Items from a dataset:

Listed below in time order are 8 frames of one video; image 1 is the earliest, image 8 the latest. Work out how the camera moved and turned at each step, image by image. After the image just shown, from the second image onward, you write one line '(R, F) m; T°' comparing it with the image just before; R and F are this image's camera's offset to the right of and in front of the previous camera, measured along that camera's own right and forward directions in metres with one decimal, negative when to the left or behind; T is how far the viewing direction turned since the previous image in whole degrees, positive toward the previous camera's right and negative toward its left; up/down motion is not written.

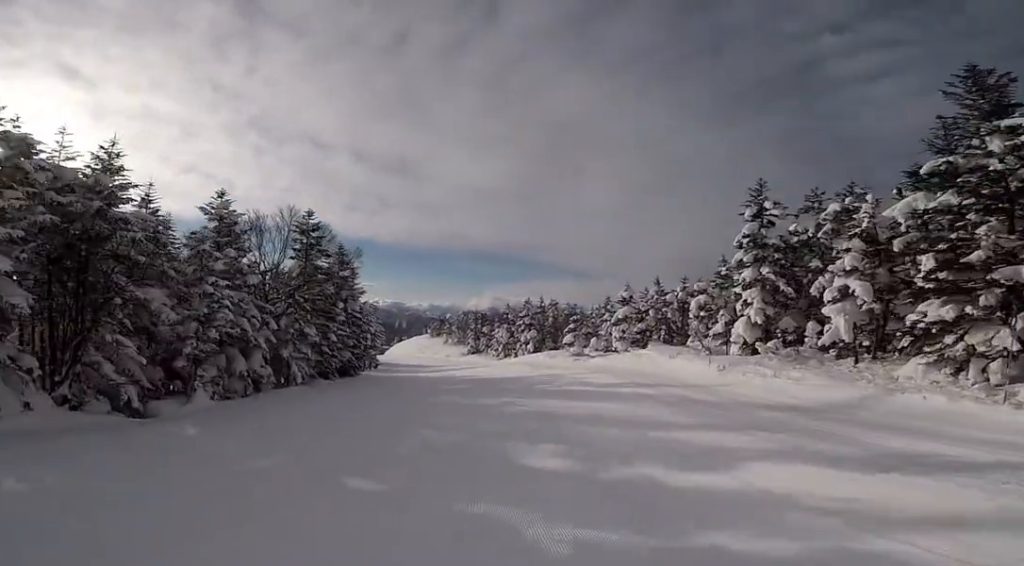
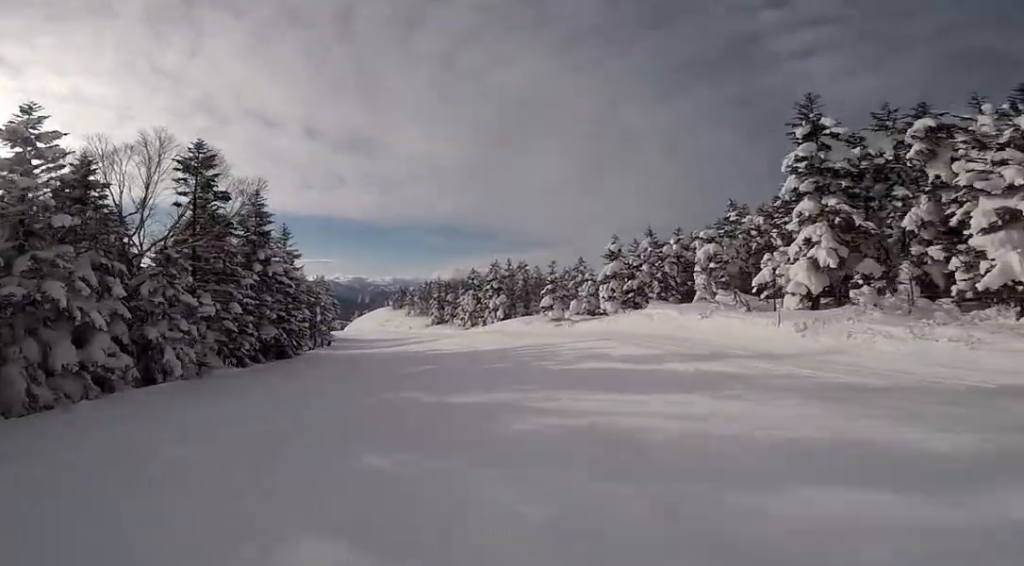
(-0.6, +6.7) m; 0°
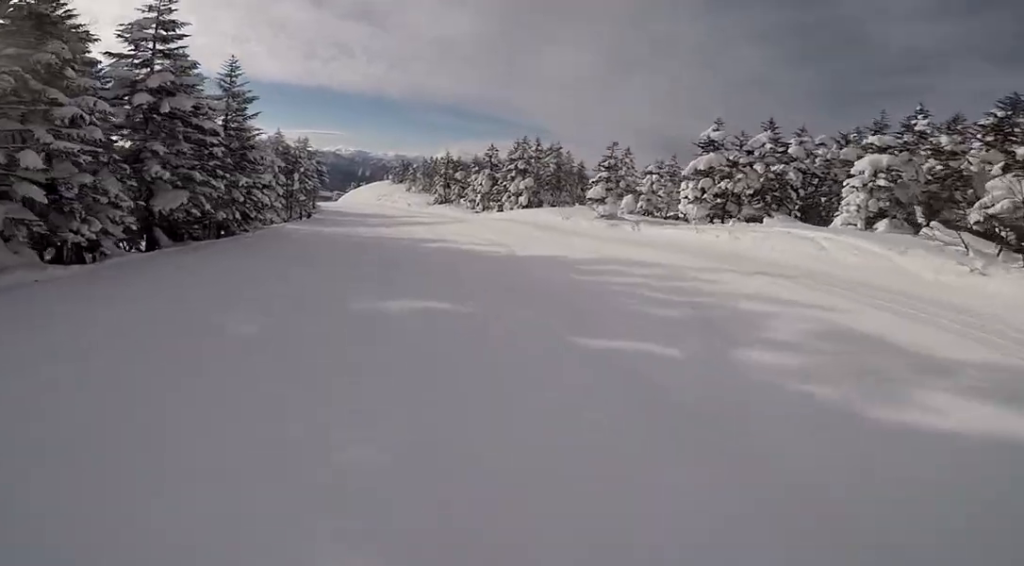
(+0.2, +9.1) m; 0°
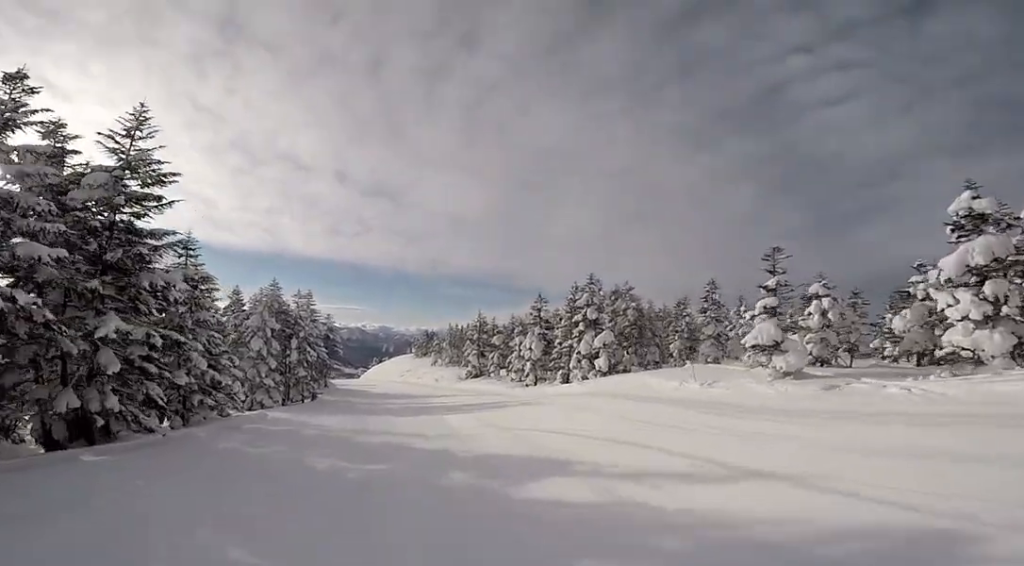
(-0.5, +12.4) m; -6°
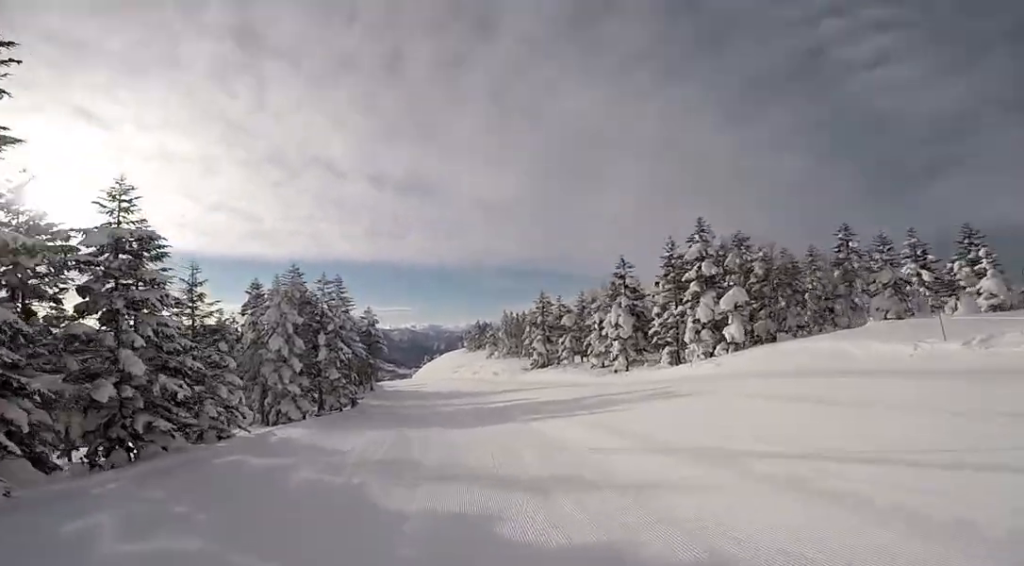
(-0.2, +7.6) m; -1°
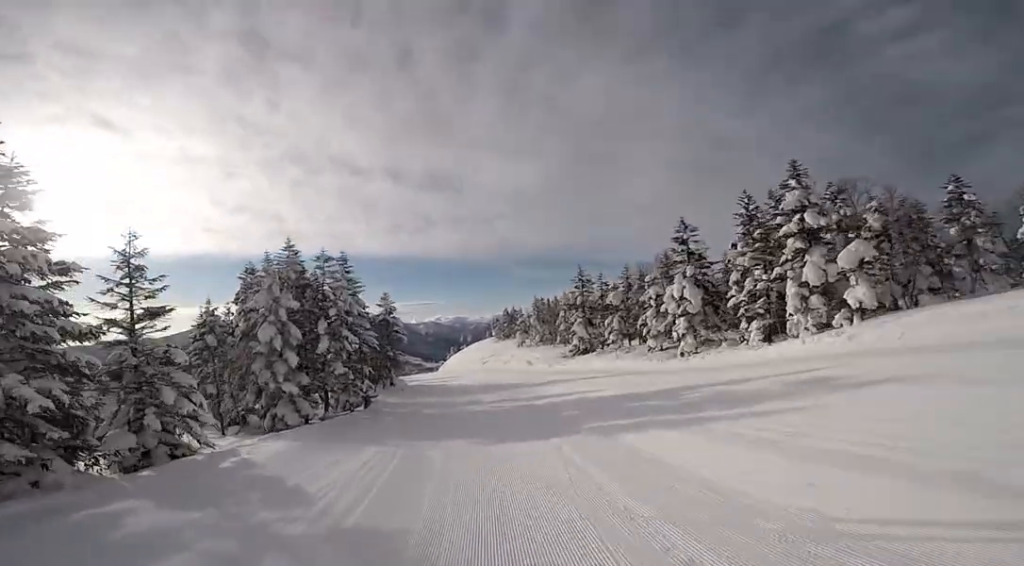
(0.0, +5.4) m; 0°
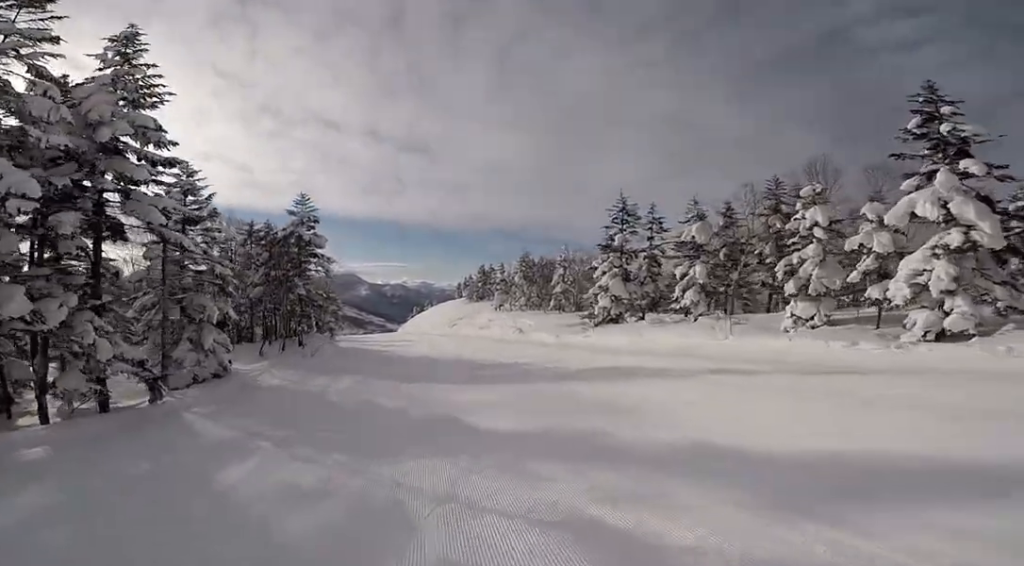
(0.0, +17.3) m; 0°
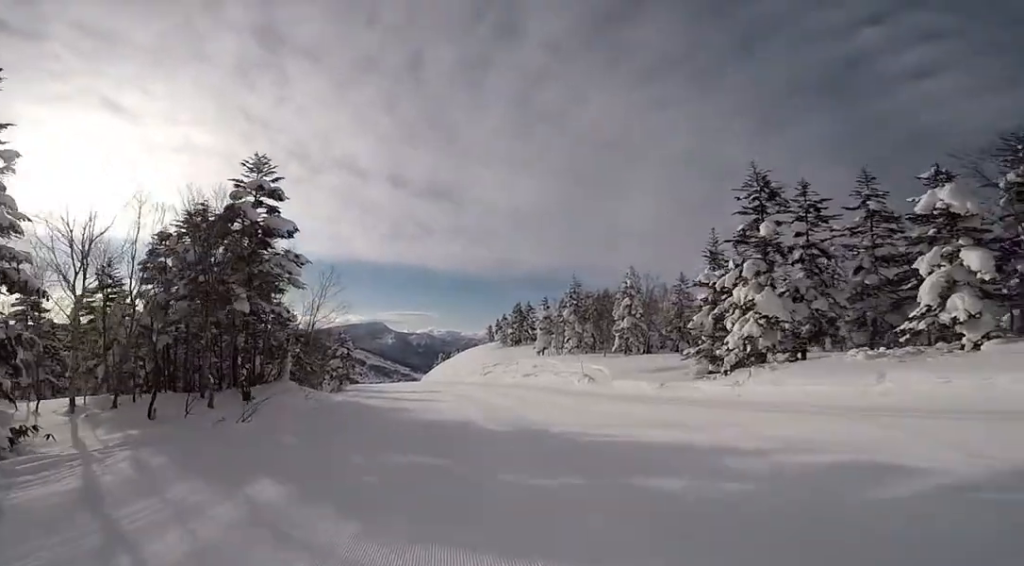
(0.0, +10.5) m; 0°

- **Work to complete**:
An exact copy of all the entries above is required, with every picture left out.

- **Result for this task**:
Listed below in time order are 8 frames of one video; image 1 is the earliest, image 8 the latest. Work out how the camera moved and turned at each step, image by image. After the image just shown, from the second image onward, you write one line '(R, F) m; T°' comparing it with the image just before; R and F are this image's camera's offset to the right of and in front of the previous camera, measured along that camera's own right and forward directions in metres with one decimal, negative when to the left or behind; T is how far the viewing direction turned since the previous image in whole degrees, positive toward the previous camera's right and negative toward its left; up/down motion is not written.

(-0.6, +6.7) m; 0°
(+0.2, +9.1) m; 0°
(-0.5, +12.4) m; -6°
(-0.2, +7.6) m; -1°
(0.0, +5.4) m; 0°
(0.0, +17.3) m; 0°
(0.0, +10.5) m; 0°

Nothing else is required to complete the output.